- [PROBLEM]: Your answer should be the records, copied exactly, with the pictures removed.
─── INPUT MATERIAL ───
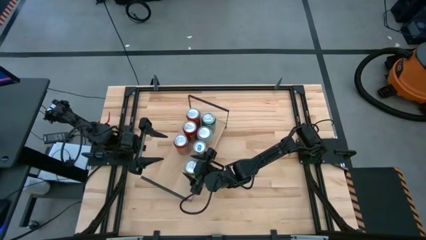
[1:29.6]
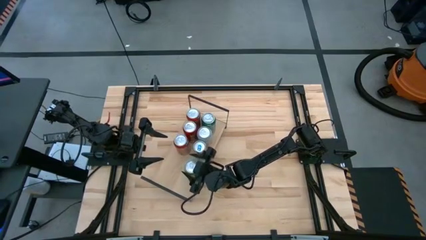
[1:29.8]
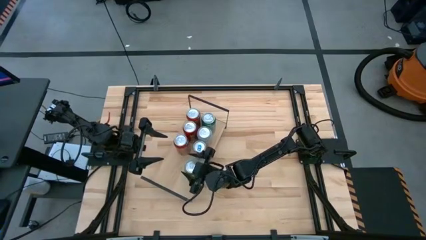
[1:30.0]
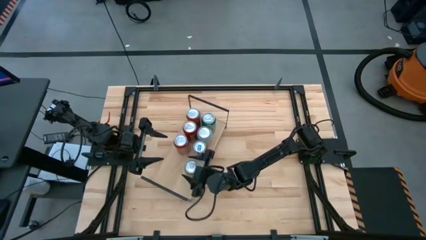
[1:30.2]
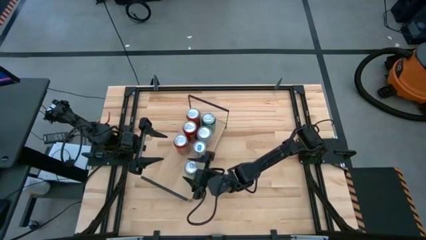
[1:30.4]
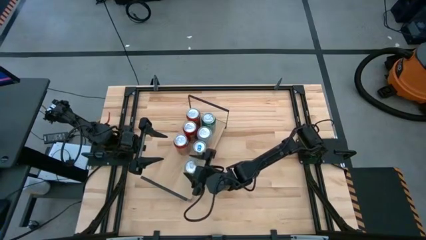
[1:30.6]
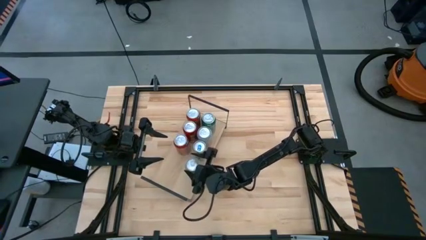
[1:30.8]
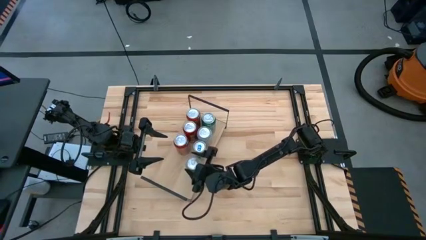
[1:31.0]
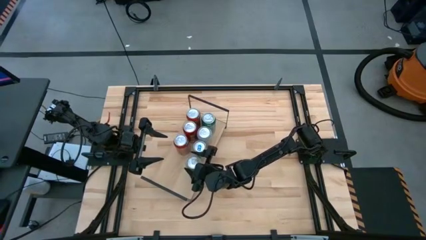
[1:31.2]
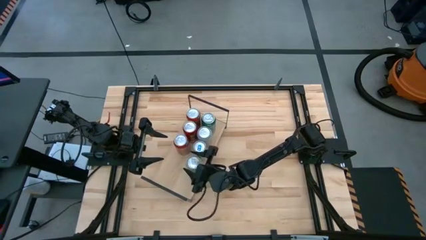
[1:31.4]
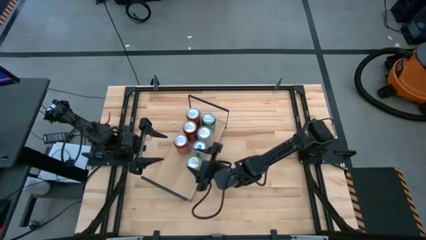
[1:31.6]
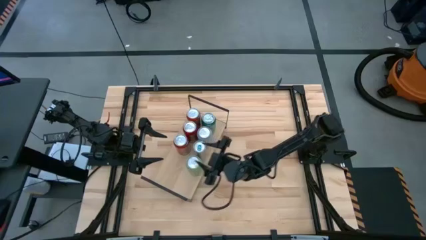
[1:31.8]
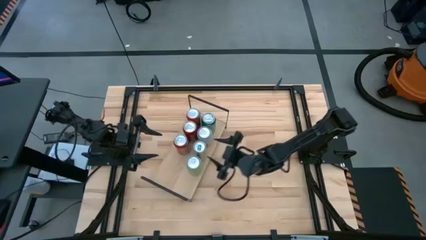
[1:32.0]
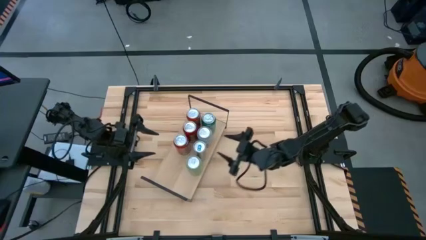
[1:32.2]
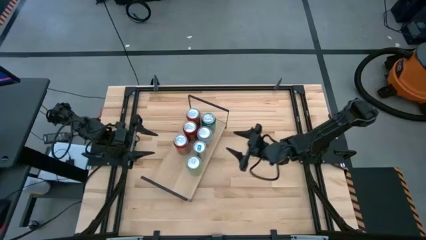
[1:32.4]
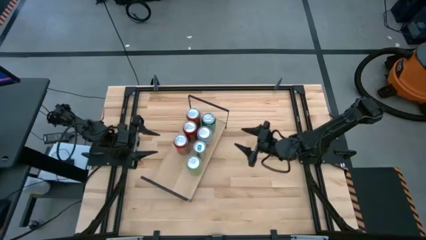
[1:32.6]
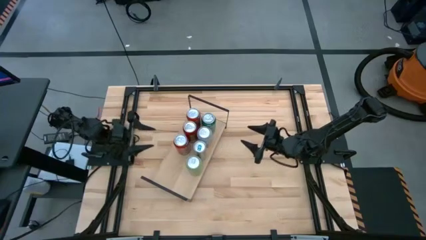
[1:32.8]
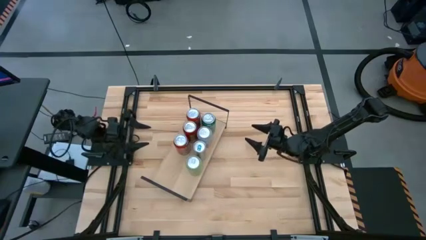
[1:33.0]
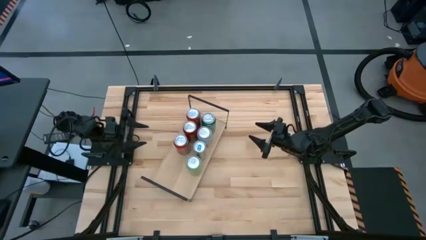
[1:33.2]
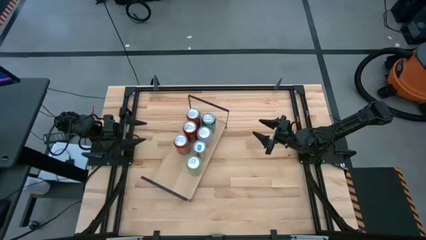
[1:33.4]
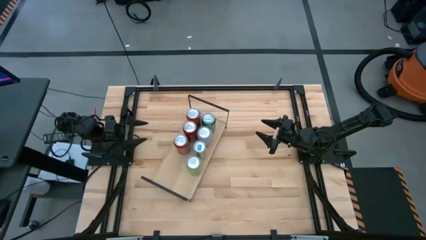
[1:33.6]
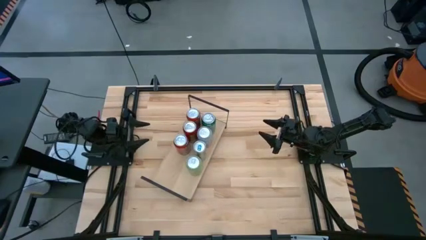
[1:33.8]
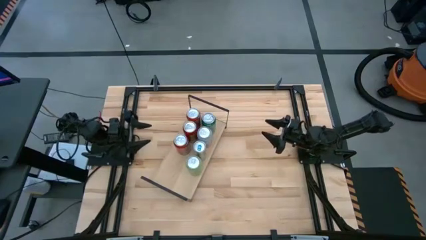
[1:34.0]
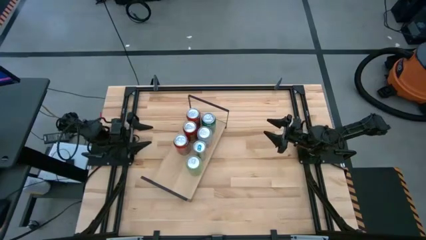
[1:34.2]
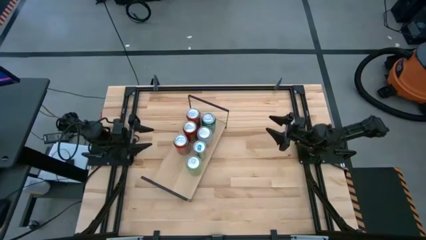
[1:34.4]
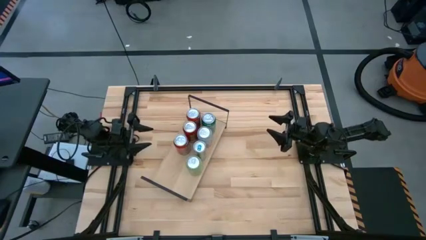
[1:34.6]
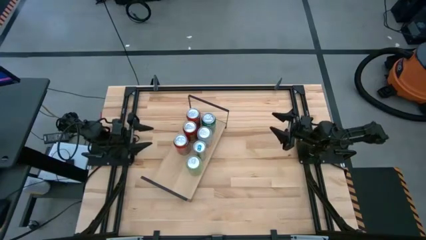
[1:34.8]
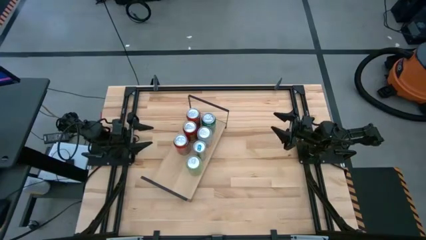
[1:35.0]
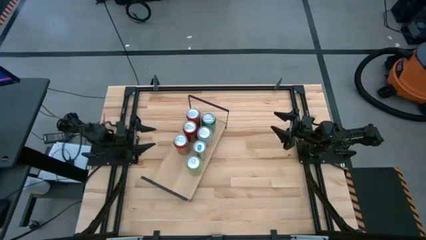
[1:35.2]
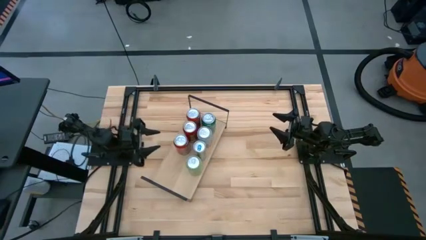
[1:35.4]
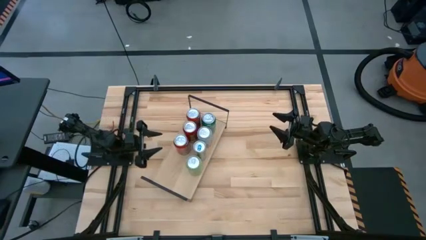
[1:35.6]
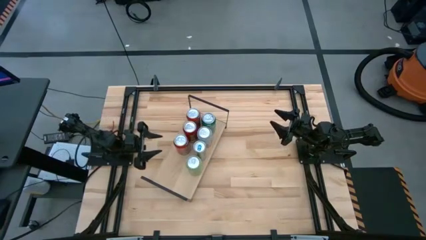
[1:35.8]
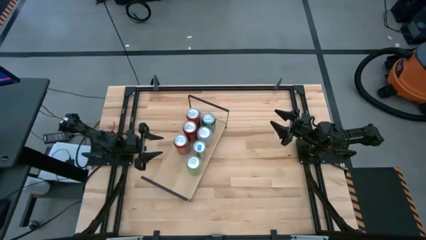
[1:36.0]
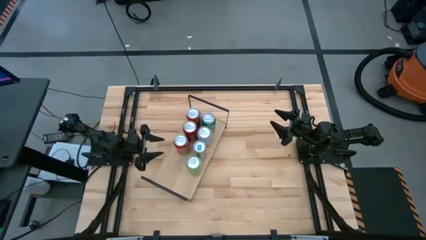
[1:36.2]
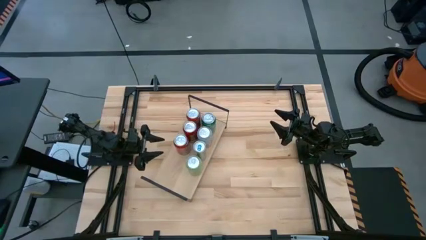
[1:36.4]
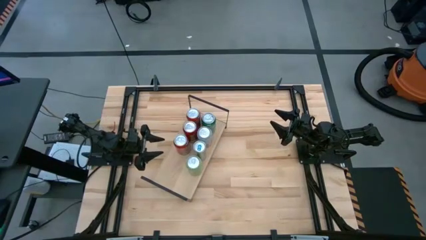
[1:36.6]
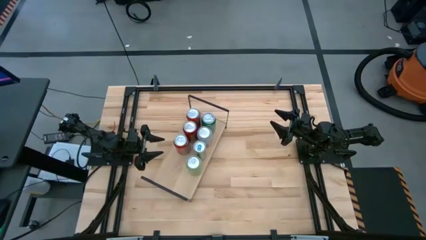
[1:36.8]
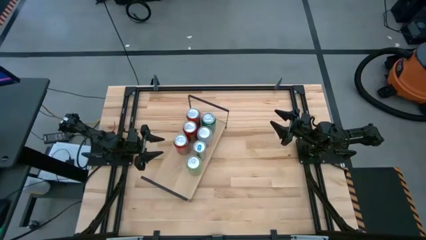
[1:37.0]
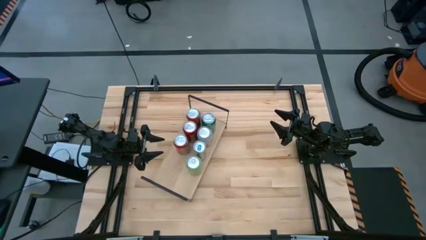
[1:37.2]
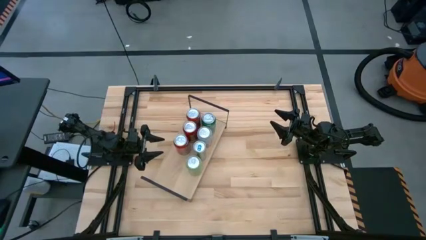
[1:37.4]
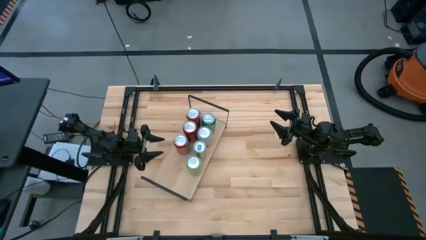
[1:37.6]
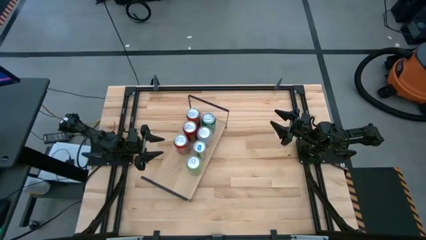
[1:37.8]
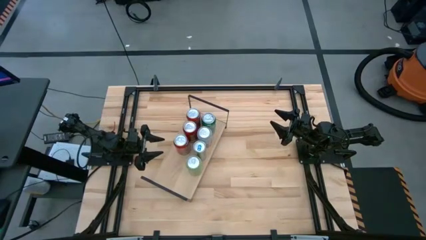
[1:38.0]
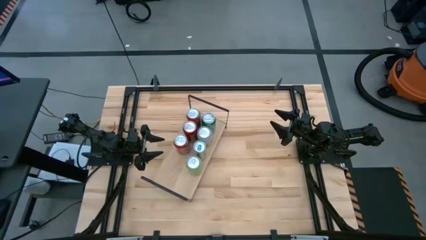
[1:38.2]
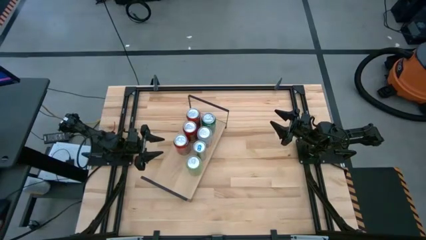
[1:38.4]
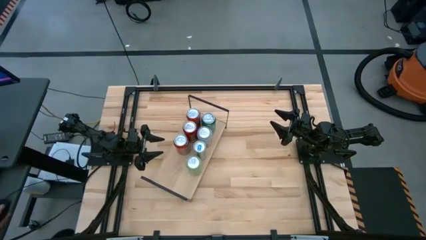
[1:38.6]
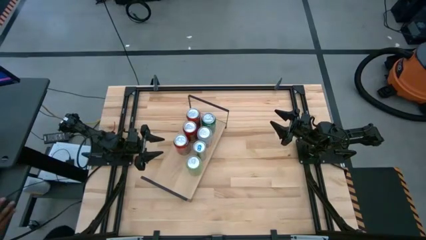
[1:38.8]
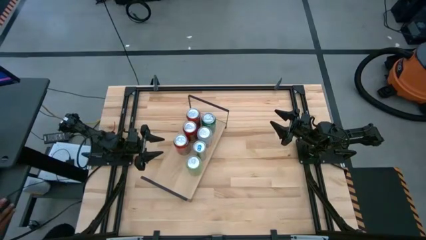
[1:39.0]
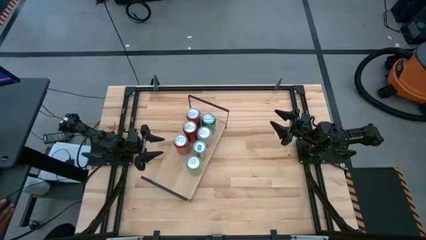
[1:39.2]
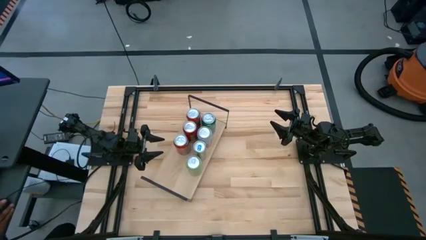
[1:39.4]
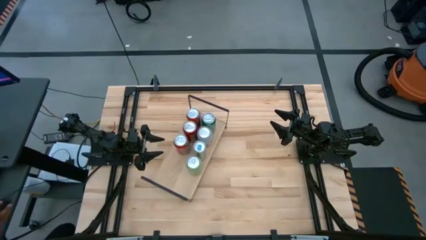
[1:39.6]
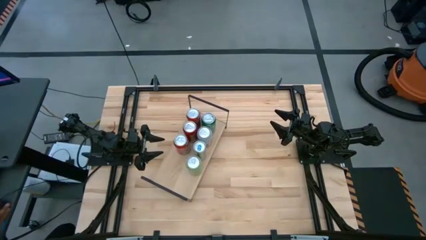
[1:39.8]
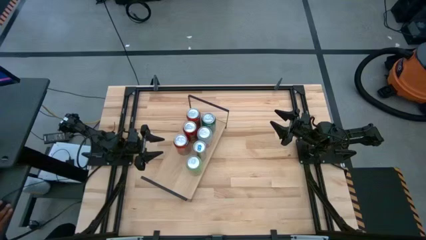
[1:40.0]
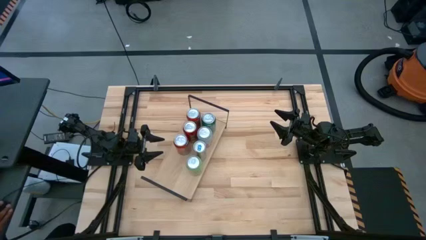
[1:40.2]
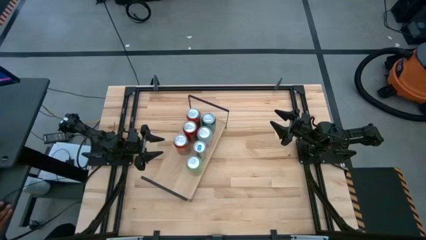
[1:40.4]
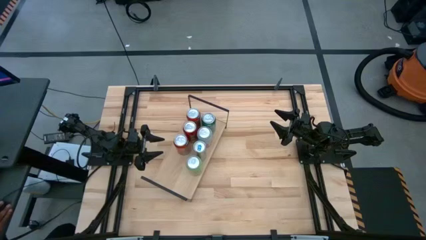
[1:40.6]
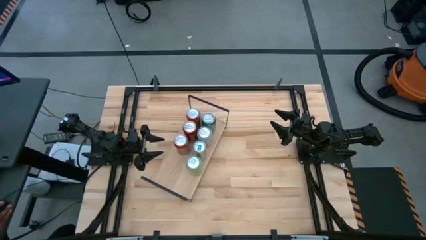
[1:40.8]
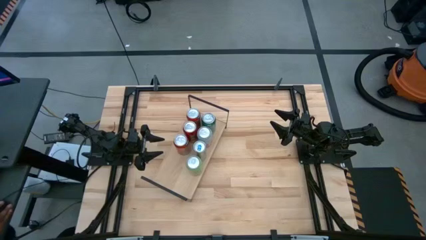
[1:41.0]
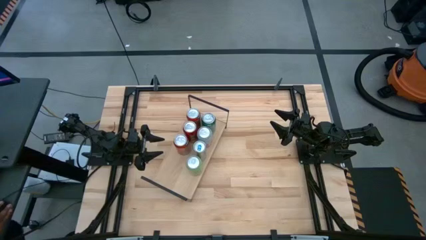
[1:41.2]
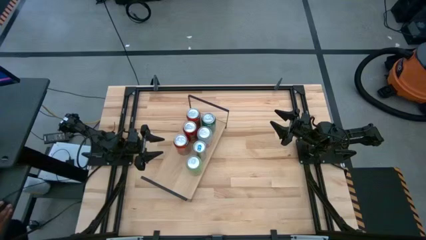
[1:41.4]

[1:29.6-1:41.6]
Task: Place canned beverage on shelf
Return to Home Position
───
- [OUTPUT FOR THIS TASK]:
[1:29.6]
[1:29.8]
[1:30.0]
[1:30.2]
[1:30.4]
[1:30.6]
[1:30.8]
[1:31.0]
[1:31.2]
[1:31.4]
[1:31.6]
[1:31.8]
[1:32.0]
[1:32.2]
[1:32.4]
[1:32.6]
[1:32.8]
[1:33.0]
[1:33.2]
[1:33.4]
[1:33.6]
[1:33.8]
[1:34.0]
[1:34.2]
[1:34.4]
[1:34.6]
[1:34.8]
[1:35.0]
[1:35.2]
[1:35.4]
[1:35.6]
[1:35.8]
[1:36.0]
[1:36.2]
[1:36.4]
[1:36.6]
[1:36.8]
[1:37.0]
[1:37.2]
[1:37.4]
[1:37.6]
[1:37.8]
[1:38.0]
[1:38.2]
[1:38.4]
[1:38.6]
[1:38.8]
[1:39.0]
[1:39.2]
[1:39.4]
[1:39.6]
[1:39.8]
[1:40.0]
[1:40.2]
[1:40.4]
[1:40.6]
[1:40.8]
[1:41.0]
[1:41.2]
[1:41.4]

[1:29.6-1:41.6]
Task: Place canned beverage on shelf
Return to Home Position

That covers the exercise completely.